• [EXERCISE PROMPT] Quote each line of the material verbatim, without the pictures.

• [ENTRIES PROVIDED]
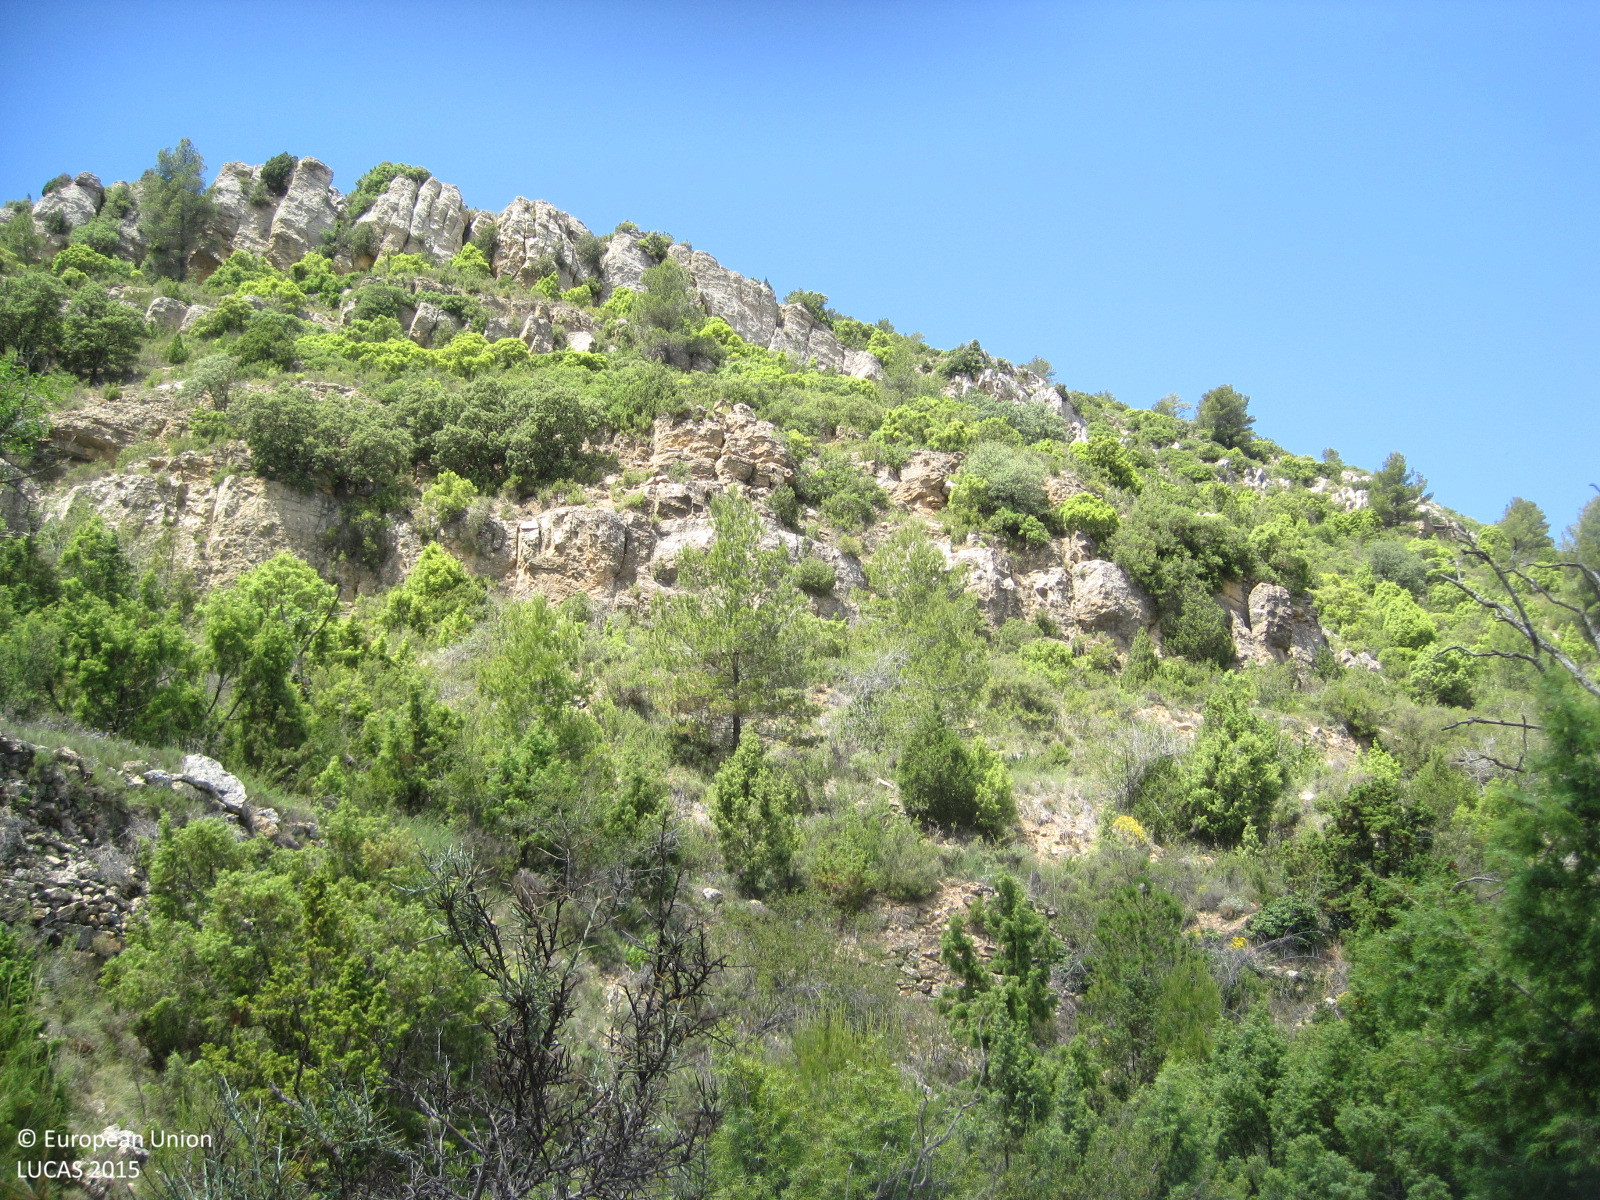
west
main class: Woodland
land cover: Broadleaved woodland
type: acidophilous oak and oak-birch forest
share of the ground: 10 - 25 %
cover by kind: broadleaved forest trees 30 %, shrubs 30 %, consolidated bare surface 25 %, herbaceous plants 10 %, coniferous forest trees 5 %
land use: Forestry
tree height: < 5 m
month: June
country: ES
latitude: 39.8678
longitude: -0.9824

• [ANSWER TO THIS TASK]
west
main class: Woodland
land cover: Broadleaved woodland
type: acidophilous oak and oak-birch forest
share of the ground: 10 - 25 %
cover by kind: broadleaved forest trees 30 %, shrubs 30 %, consolidated bare surface 25 %, herbaceous plants 10 %, coniferous forest trees 5 %
land use: Forestry
tree height: < 5 m
month: June
country: ES
latitude: 39.8678
longitude: -0.9824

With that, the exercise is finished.